START LISTED RECORDS

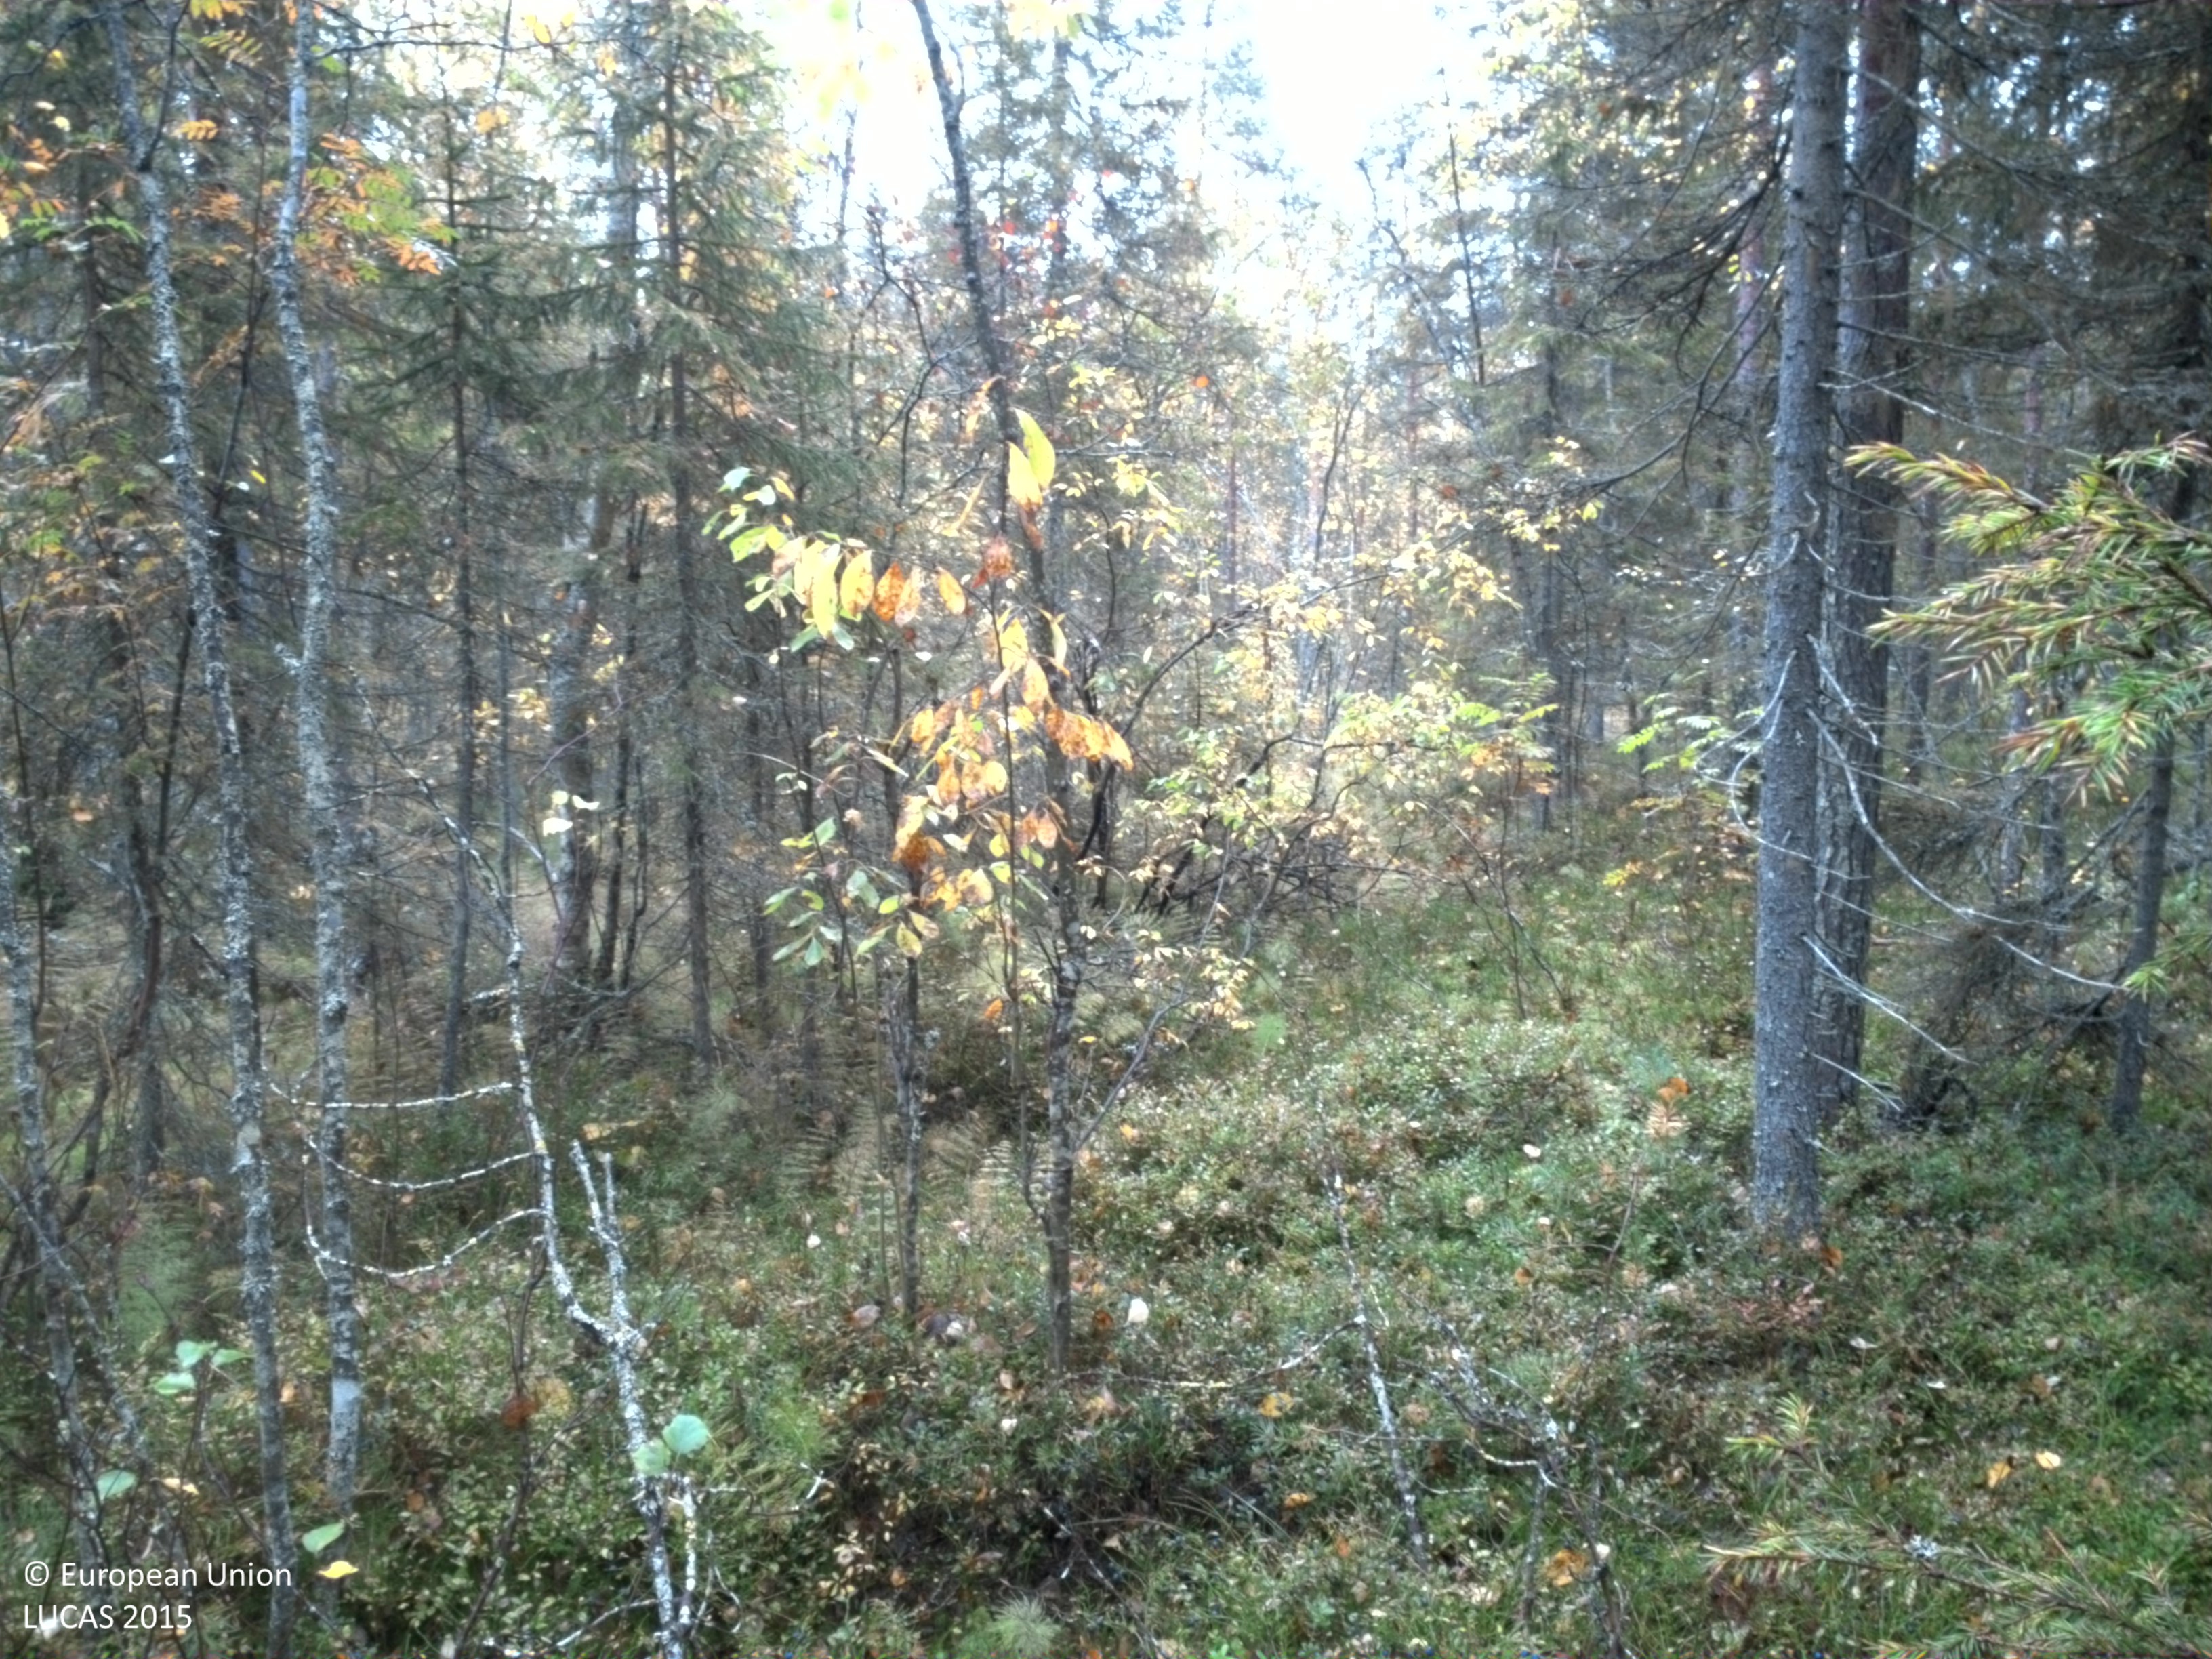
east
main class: Woodland
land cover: Other mixed woodland
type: boreal forest
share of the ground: 25 - 50 %
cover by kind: shrubs 45 %, coniferous forest trees 30 %, broadleaved forest trees 20 %, lichens and mosses 5 %
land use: Forestry
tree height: > 5 m
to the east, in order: Other mixed woodland; Grassland with sparse tree/shrub cover; Electric lines; Grassland with sparse tree/shrub cover; Other mixed woodland; Pine dominated coniferous woodland; Pine dominated mixed woodland
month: September
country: SE
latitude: 65.9003
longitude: 22.0237
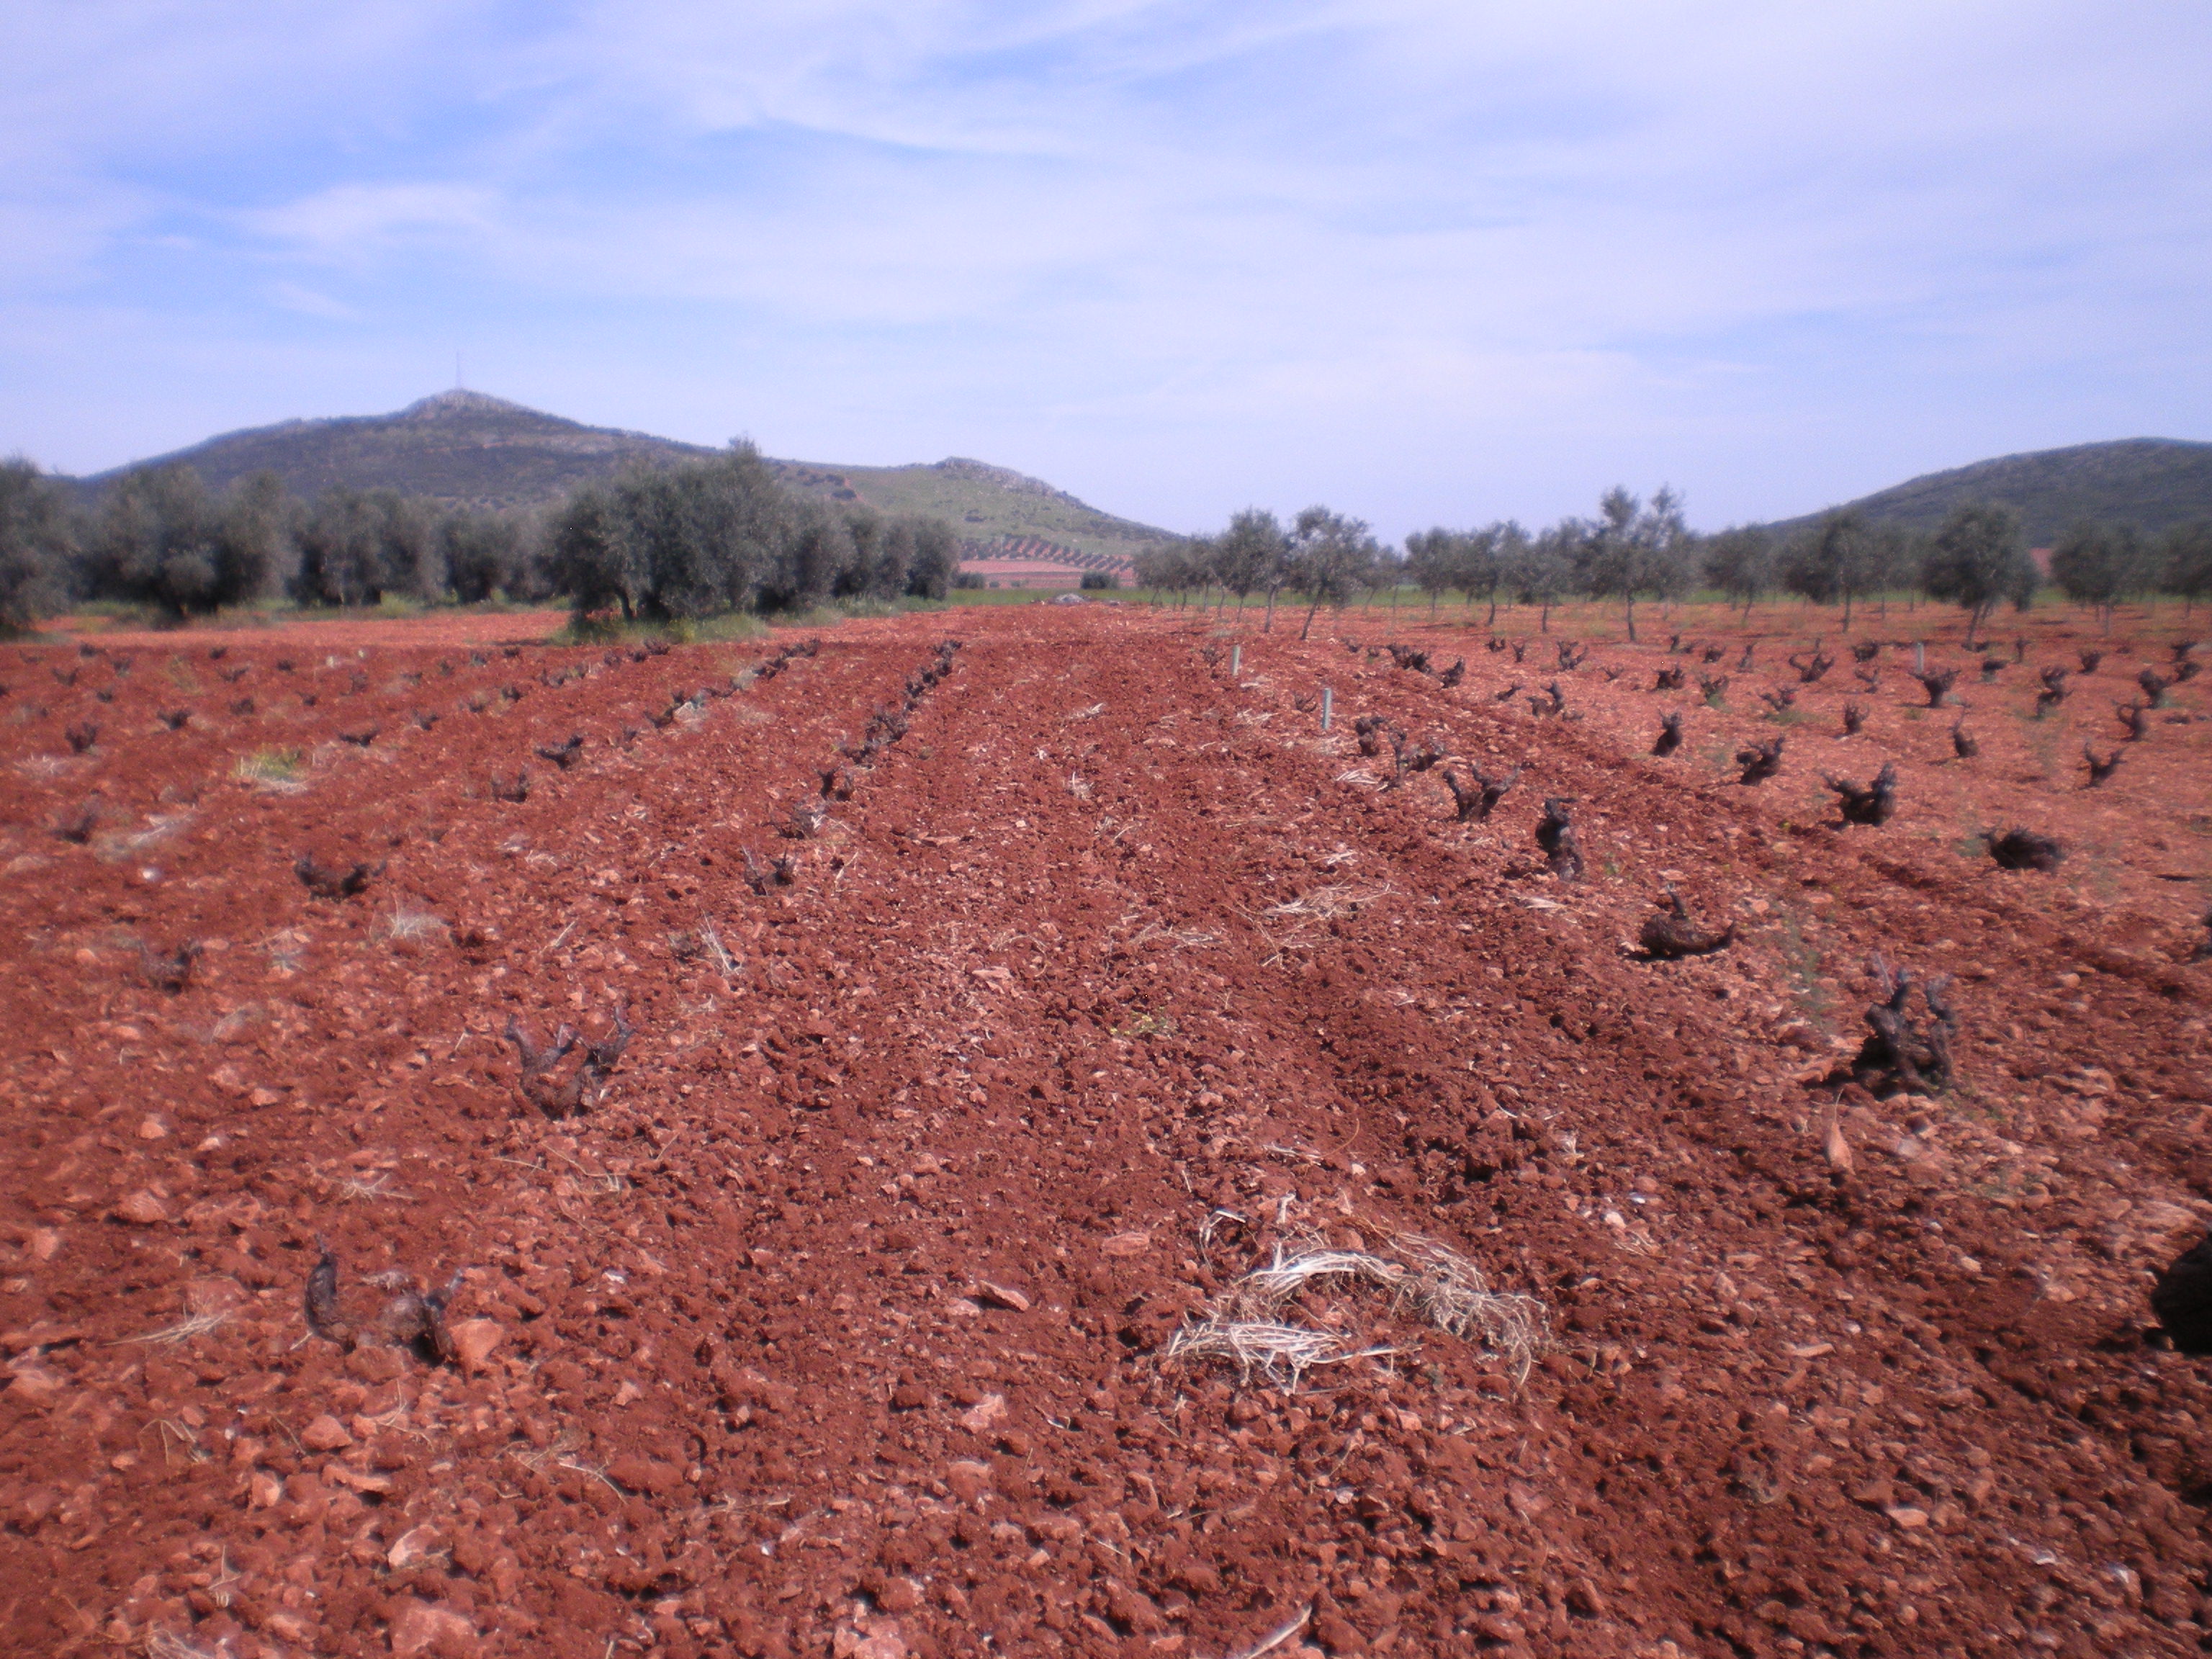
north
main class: Cropland
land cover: Vineyards
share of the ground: < 10 %
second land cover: Other bare soil
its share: > 75 %
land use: Agriculture (excluding fallow land and kitchen gardens)
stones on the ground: 10 - 25 %
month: April
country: ES
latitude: 38.8157
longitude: -3.2431

END LISTED RECORDS

◆ **TASK INSTRUCTIONS**: Collect the lines of the records that include the string "ground".

◆ **OUTPUT**:
share of the ground: 25 - 50 %
share of the ground: < 10 %
stones on the ground: 10 - 25 %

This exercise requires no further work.